Exercise aim:
Copy each entry verbatim, excluding its images.

(Recorded data)
-*-*-

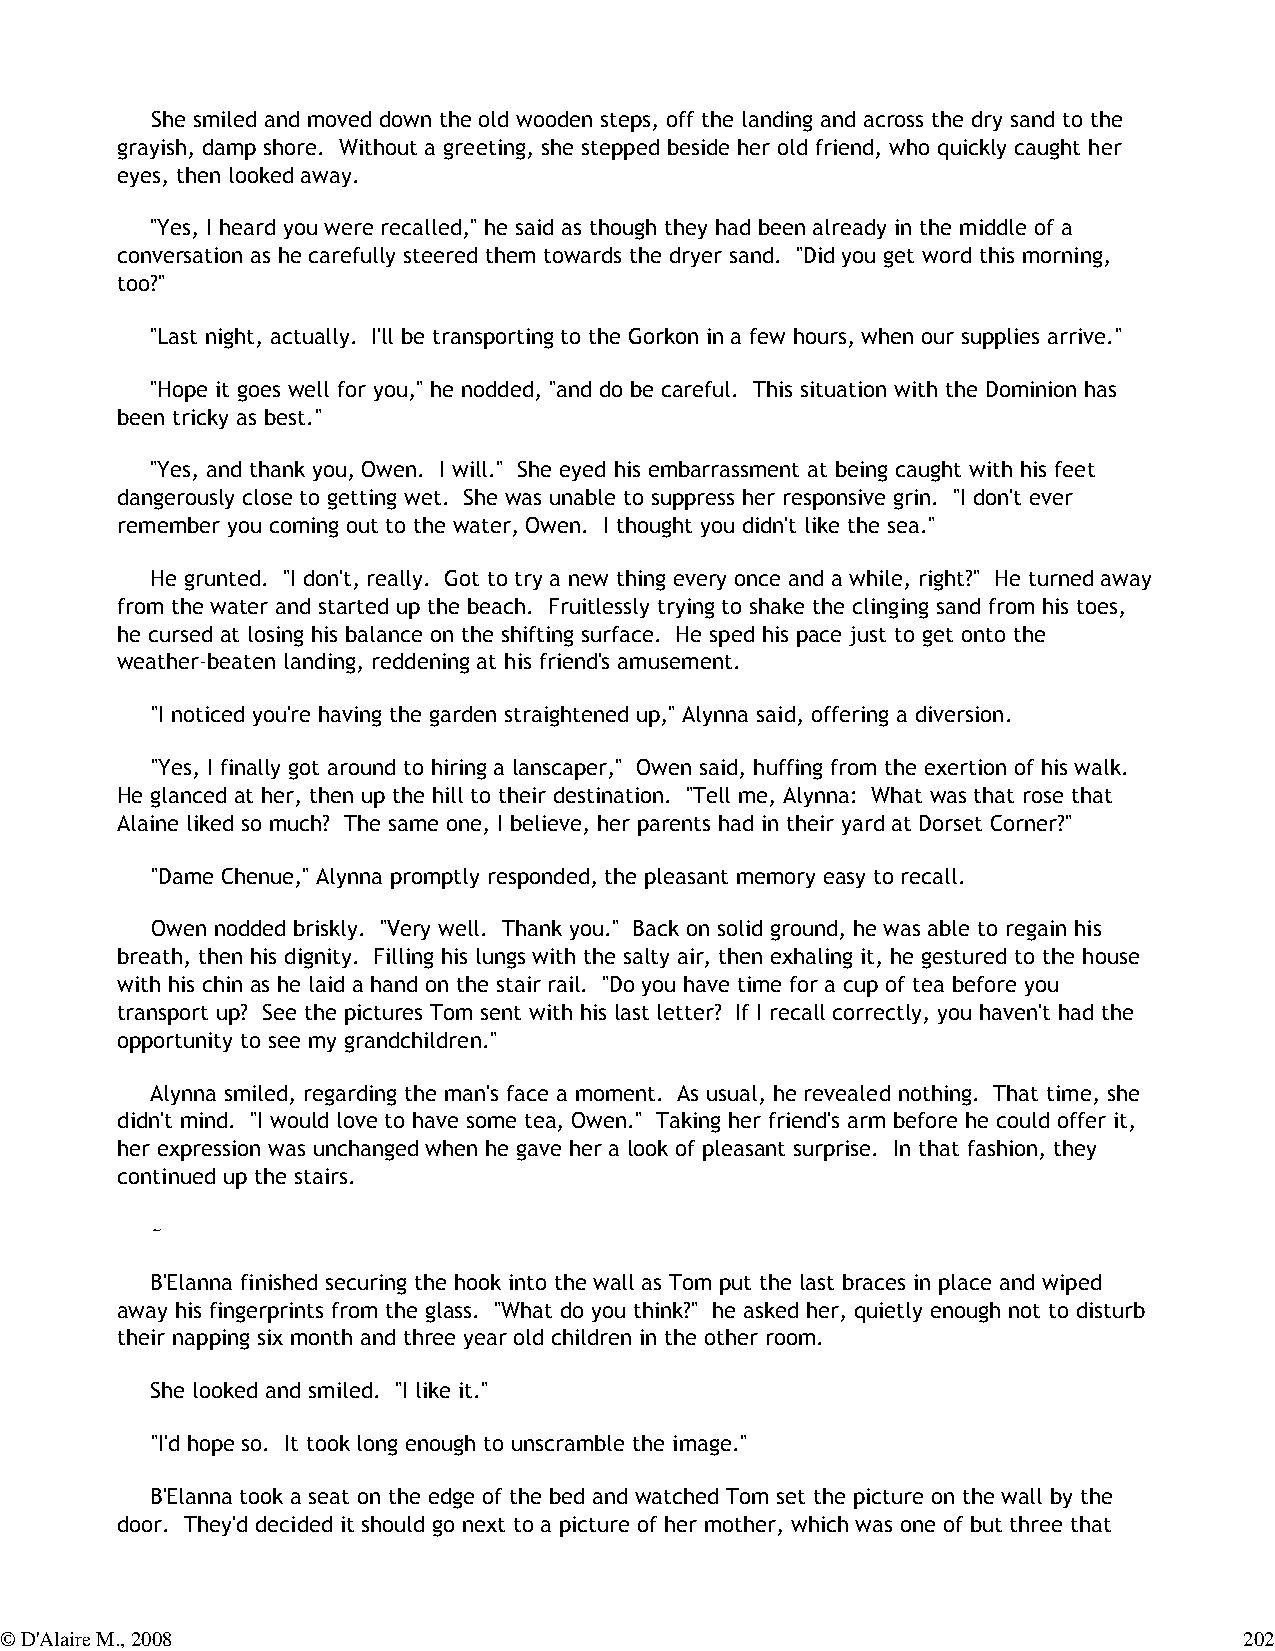
She smiled and moved down the old wooden steps, off the landing and across the dry sand to the
 grayish, damp shore. Without a greeting, she stepped beside her old friend, who quickly caught her
 eyes, then looked away.
 "Yes, I heard you were recalled," he said as though they had been already in the middle of a
 conversation as he carefully steered them towards the dryer sand. "Did you get word this morning,
 too?"
 "Last night, actually. I'll be transporting to the Gorkon in a few hours, when our supplies arrive."
 "Hope it goes well for you," he nodded, "and do be careful. This situation with the Dominion has
 been tricky as best."
 "Yes, and thank you, Owen. I will." She eyed his embarrassment at being caught with his feet
 dangerously close to getting wet. She was unable to suppress her responsive grin. "I don't ever
 remember you coming out to the water, Owen. I thought you didn't like the sea."
 He grunted. "I don't, really. Got to try a new thing every once and a while, right?" He turned away
 from the water and started up the beach. Fruitlessly trying to shake the clinging sand from his toes,
 he cursed at losing his balance on the shifting surface. He sped his pace just to get onto the
 weather-beaten landing, reddening at his friend's amusement.
 "I noticed you're having the garden straightened up," Alynna said, offering a diversion.
 "Yes, I finally got around to hiring a lanscaper," Owen said, huffing from the exertion of his walk.
 He glanced at her, then up the hill to their destination. "Tell me, Alynna: What was that rose that
 Alaine liked so much? The same one, I believe, her parents had in their yard at Dorset Corner?"
 "Dame Chenue," Alynna promptly responded, the pleasant memory easy to recall.
 Owen nodded briskly. "Very well. Thank you." Back on solid ground, he was able to regain his
 breath, then his dignity. Filling his lungs with the salty air, then exhaling it, he gestured to the house
 with his chin as he laid a hand on the stair rail. "Do you have time for a cup of tea before you
 transport up? See the pictures Tom sent with his last letter? If I recall correctly, you haven't had the
 opportunity to see my grandchildren."
 Alynna smiled, regarding the man's face a moment. As usual, he revealed nothing. That time, she
 didn't mind. "I would love to have some tea, Owen." Taking her friend's arm before he could offer it,
 her expression was unchanged when he gave her a look of pleasant surprise. In that fashion, they
 continued up the stairs.
 ~
 B'Elanna finished securing the hook into the wall as Tom put the last braces in place and wiped
 away his fingerprints from the glass. "What do you think?" he asked her, quietly enough not to disturb
 their napping six month and three year old children in the other room.
 She looked and smiled. "I like it."
 "I'd hope so. It took long enough to unscramble the image."
 B'Elanna took a seat on the edge of the bed and watched Tom set the picture on the wall by the
 door. They'd decided it should go next to a picture of her mother, which was one of but three that
 © D'Alaire M., 2008                                                               202
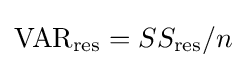
{\text{VAR}}_{\text{res}}=SS_{\text{res}}/n
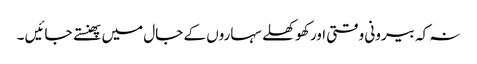
نہ کہ بیرونی وقتی اور کھوکھلے سہاروں کے جال میں پھنستے جائیں ۔
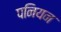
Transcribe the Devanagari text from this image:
पनियन
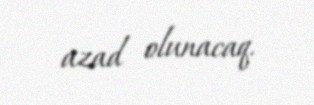
azad olunacaq.
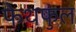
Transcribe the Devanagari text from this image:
फेथफुल
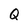
Character: Q
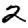
Digit: 2
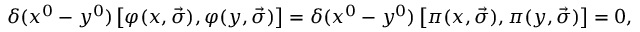
\delta ( x ^ { 0 } - y ^ { 0 } ) \left[ \varphi ( x , \vec { \sigma } ) , \varphi ( y , \vec { \sigma } ) \right] = \delta ( x ^ { 0 } - y ^ { 0 } ) \left[ \pi ( x , \vec { \sigma } ) , \pi ( y , \vec { \sigma } ) \right] = 0 ,
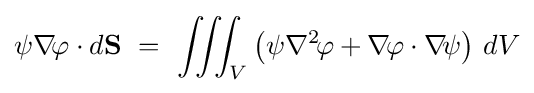
\psi \nabla \!\varphi \cdot d\mathbf {S} \ =\ \iiint _{V}\left(\psi \nabla ^{2}\!\varphi +\nabla \!\varphi \cdot \nabla \!\psi \right)\,dV

-*-*-

Result of the task:
She smiled and moved down the old wooden steps, off the landing and across the dry sand to the
 grayish, damp shore. Without a greeting, she stepped beside her old friend, who quickly caught her
 eyes, then looked away.
 "Yes, I heard you were recalled," he said as though they had been already in the middle of a
 conversation as he carefully steered them towards the dryer sand. "Did you get word this morning,
 too?"
 "Last night, actually. I'll be transporting to the Gorkon in a few hours, when our supplies arrive."
 "Hope it goes well for you," he nodded, "and do be careful. This situation with the Dominion has
 been tricky as best."
 "Yes, and thank you, Owen. I will." She eyed his embarrassment at being caught with his feet
 dangerously close to getting wet. She was unable to suppress her responsive grin. "I don't ever
 remember you coming out to the water, Owen. I thought you didn't like the sea."
 He grunted. "I don't, really. Got to try a new thing every once and a while, right?" He turned away
 from the water and started up the beach. Fruitlessly trying to shake the clinging sand from his toes,
 he cursed at losing his balance on the shifting surface. He sped his pace just to get onto the
 weather-beaten landing, reddening at his friend's amusement.
 "I noticed you're having the garden straightened up," Alynna said, offering a diversion.
 "Yes, I finally got around to hiring a lanscaper," Owen said, huffing from the exertion of his walk.
 He glanced at her, then up the hill to their destination. "Tell me, Alynna: What was that rose that
 Alaine liked so much? The same one, I believe, her parents had in their yard at Dorset Corner?"
 "Dame Chenue," Alynna promptly responded, the pleasant memory easy to recall.
 Owen nodded briskly. "Very well. Thank you." Back on solid ground, he was able to regain his
 breath, then his dignity. Filling his lungs with the salty air, then exhaling it, he gestured to the house
 with his chin as he laid a hand on the stair rail. "Do you have time for a cup of tea before you
 transport up? See the pictures Tom sent with his last letter? If I recall correctly, you haven't had the
 opportunity to see my grandchildren."
 Alynna smiled, regarding the man's face a moment. As usual, he revealed nothing. That time, she
 didn't mind. "I would love to have some tea, Owen." Taking her friend's arm before he could offer it,
 her expression was unchanged when he gave her a look of pleasant surprise. In that fashion, they
 continued up the stairs.
 ~
 B'Elanna finished securing the hook into the wall as Tom put the last braces in place and wiped
 away his fingerprints from the glass. "What do you think?" he asked her, quietly enough not to disturb
 their napping six month and three year old children in the other room.
 She looked and smiled. "I like it."
 "I'd hope so. It took long enough to unscramble the image."
 B'Elanna took a seat on the edge of the bed and watched Tom set the picture on the wall by the
 door. They'd decided it should go next to a picture of her mother, which was one of but three that
 © D'Alaire M., 2008                                                               202
{\text{VAR}}_{\text{res}}=SS_{\text{res}}/n
نہ کہ بیرونی وقتی اور کھوکھلے سہاروں کے جال میں پھنستے جائیں ۔
Transcribe the Devanagari text from this image:
पनियन
azad olunacaq.
Transcribe the Devanagari text from this image:
फेथफुल
Character: Q
Digit: 2
\delta ( x ^ { 0 } - y ^ { 0 } ) \left[ \varphi ( x , \vec { \sigma } ) , \varphi ( y , \vec { \sigma } ) \right] = \delta ( x ^ { 0 } - y ^ { 0 } ) \left[ \pi ( x , \vec { \sigma } ) , \pi ( y , \vec { \sigma } ) \right] = 0 ,
\psi \nabla \!\varphi \cdot d\mathbf {S} \ =\ \iiint _{V}\left(\psi \nabla ^{2}\!\varphi +\nabla \!\varphi \cdot \nabla \!\psi \right)\,dV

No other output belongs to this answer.